Comme il s'y était engagé jeudi, le gouvernement a déposé un
amendement sur l'indexation. Celui-ci prévoit qu'à partir de
2005, le barème de l'ISF sera revalorisé chaque année en
fonction de la hausse des prix, comme c'est le cas pour
l'impôt sur le revenu. Ce barème n'avait pas été révisé
depuis 1997. «Il n'y a aucune raison que le seul impôt qui
ne soit pas actualisé ni actualisable soit l'ISF», avait
justifié M. Sarkozy. Selon le
Syndicat national unifié des impôts, cet
ajustement coûterait 32 millions d'euros.
Nicolas Sarkozy a en revanche demandé du temps aux députés
pour mettre à l'étude deux autres propositions d'allégement
de l'ISF. Les commissions des Finances de l'Assemblée et du
Sénat auront six mois pour se pencher sur la question du
plafond de l'ISF. Les députés veulent le ramener à 85% des
revenus annuels, soit le niveau institué en 1991 par le
gouvernement Rocard. La proposition des commissions sera
intégrée au futur projet de loi sur les PME.

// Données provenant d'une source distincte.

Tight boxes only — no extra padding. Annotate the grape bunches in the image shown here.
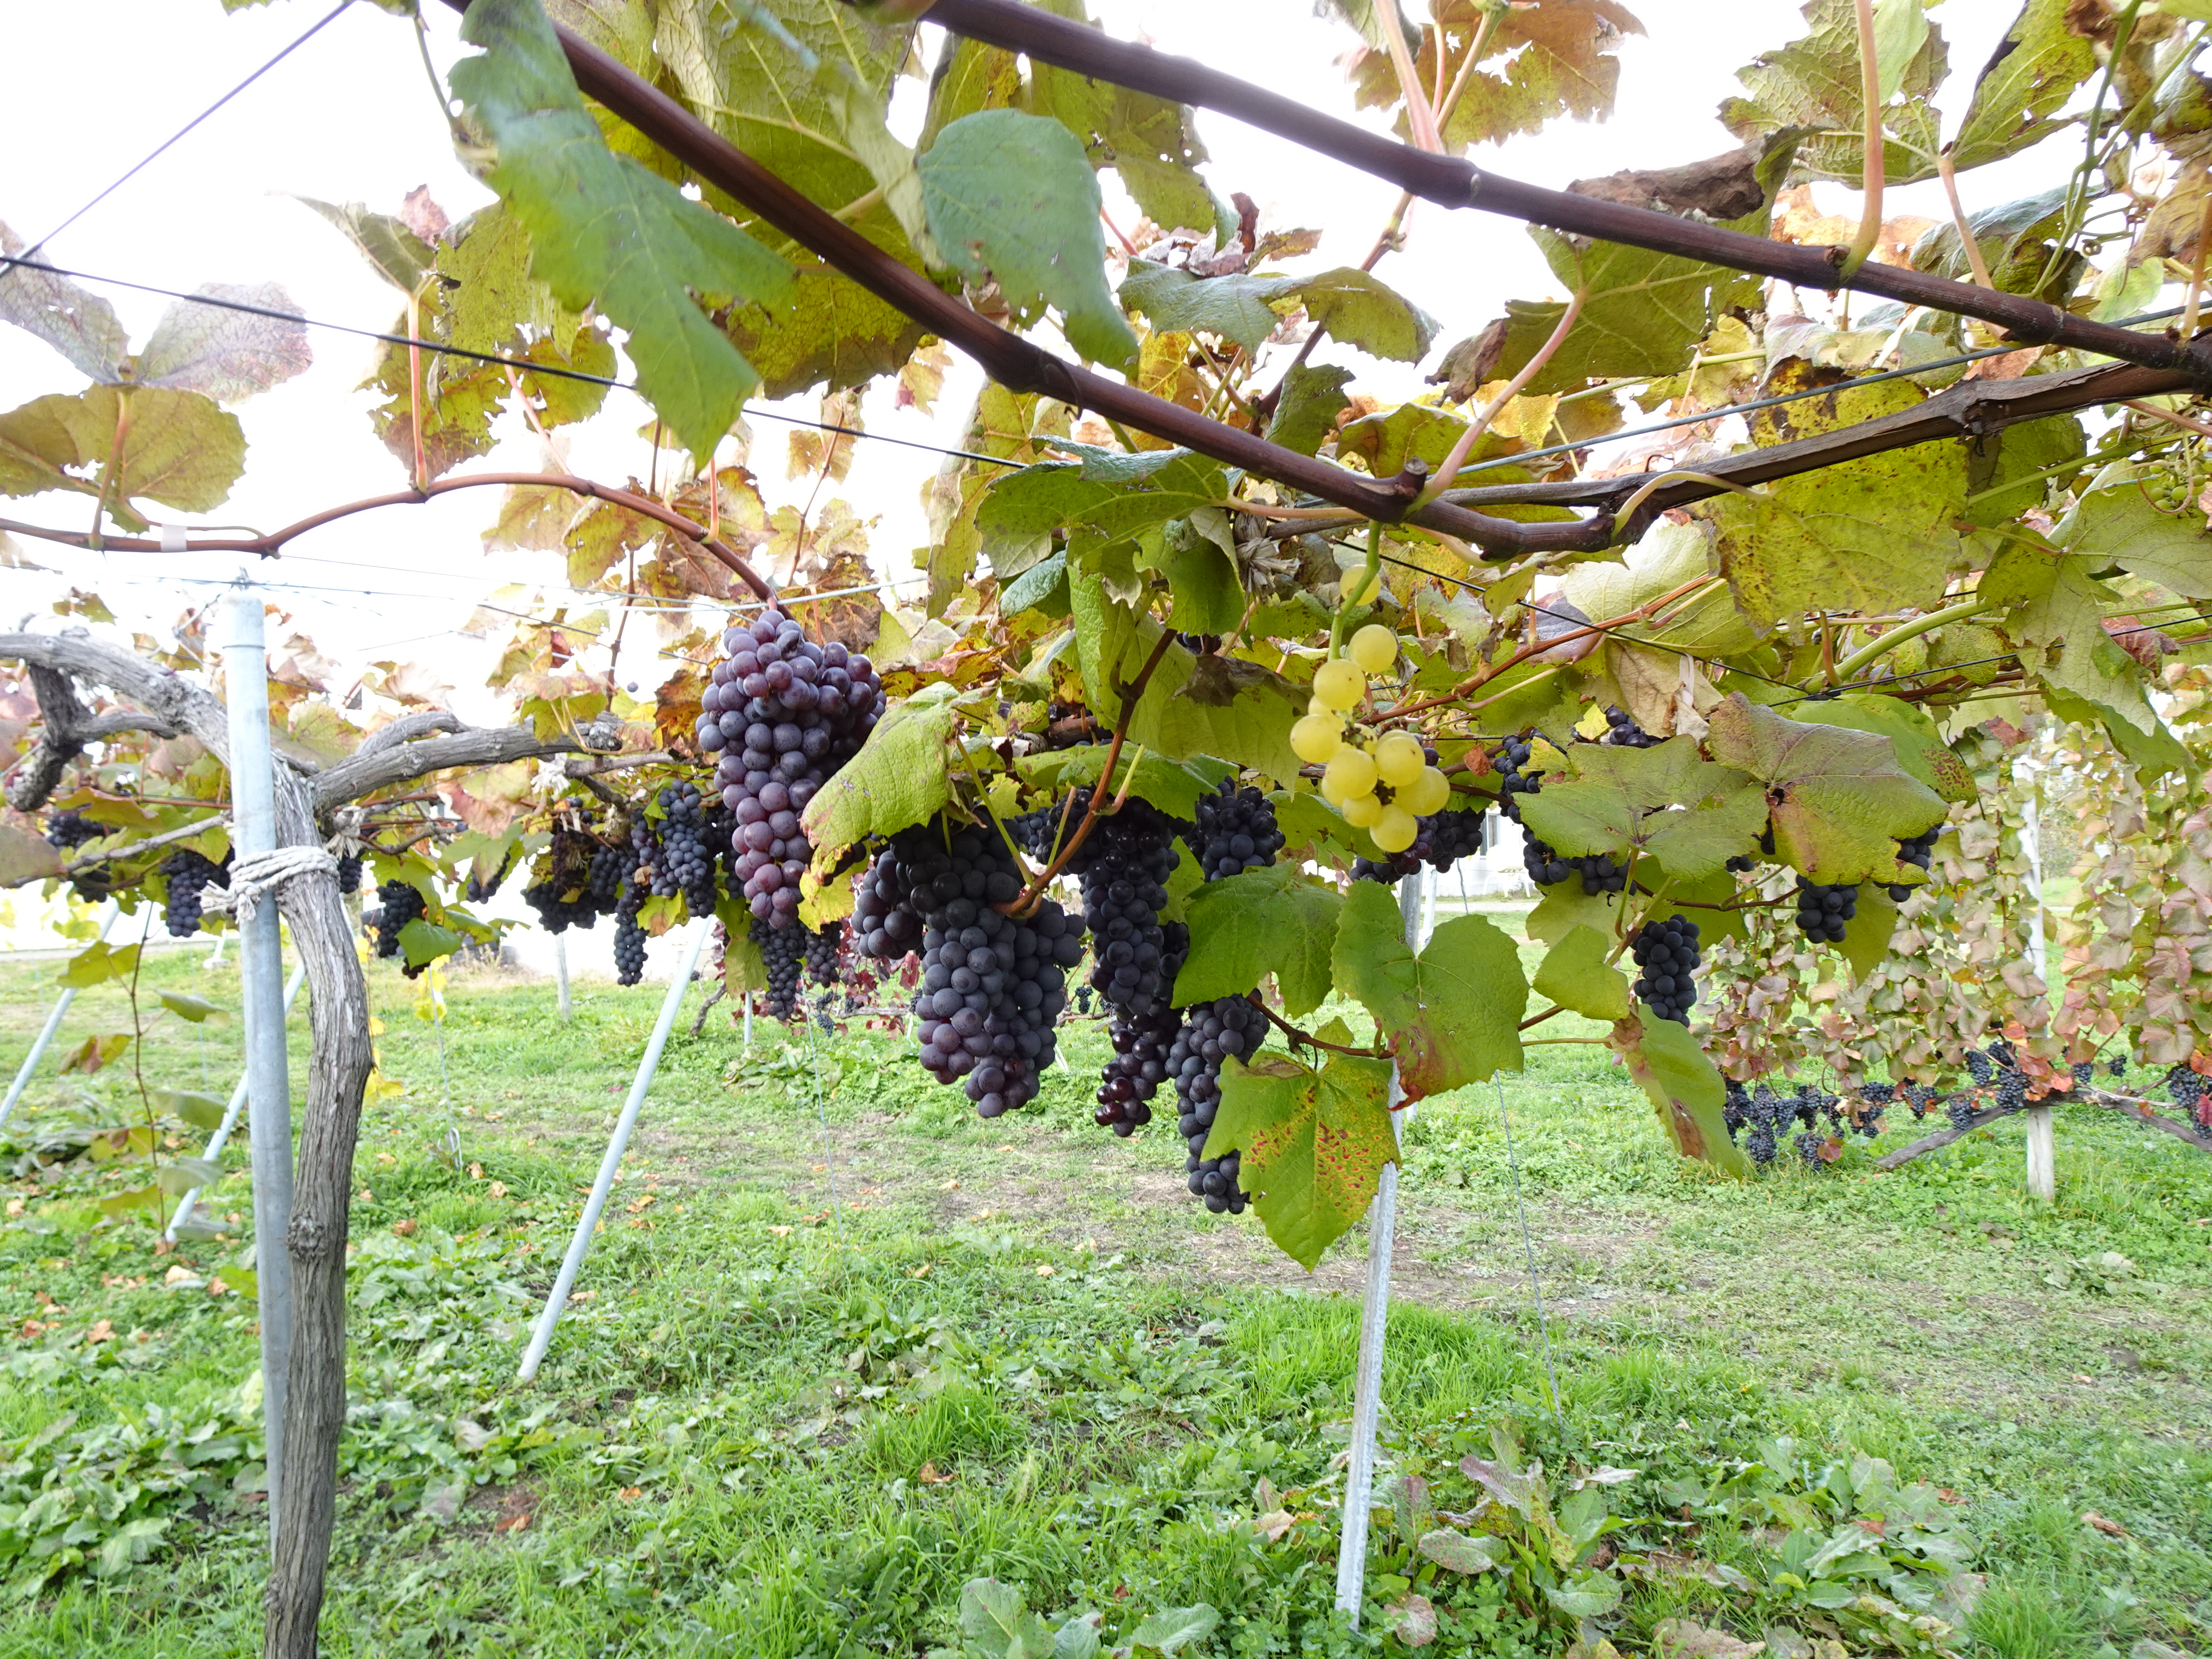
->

L'hôte de Bercy a également demandé aux députés et sénateurs
d'étudier la possibilité d'exonérer d'ISF les sommes
investies par les contribuables dans les PME. Il n'a en
revanche pas évoqué l'une des plus fortes revendications des
libéraux: le relèvement de 20 à 30% de l'abattement d'ISF
sur la valeur de la résidence principale.
Satisfaits par ces garanties, les députés UMP ont retiré la
trentaine d'amendements qu'ils avaient déposés sur l'ISF.
Soucieux de faire oeuvre de pédagogie sur ce sujet explosif,
ils ont invité la gauche à ne pas «caricaturer» leur
position. Nicolas Sarkozy n'a pas manqué de rappeler que ses
prédécesseurs socialistes à Bercy, Dominique Strauss-Kahn et
Laurent Fabius, avaient plaidé en leur temps pour une
réforme de l'ISF. Dans un rapport remis en juillet 2001 à
Lionel Jospin, le député PS Michel Charzat avait également
appelé à lutter contre les «effets pervers» de cet impôt.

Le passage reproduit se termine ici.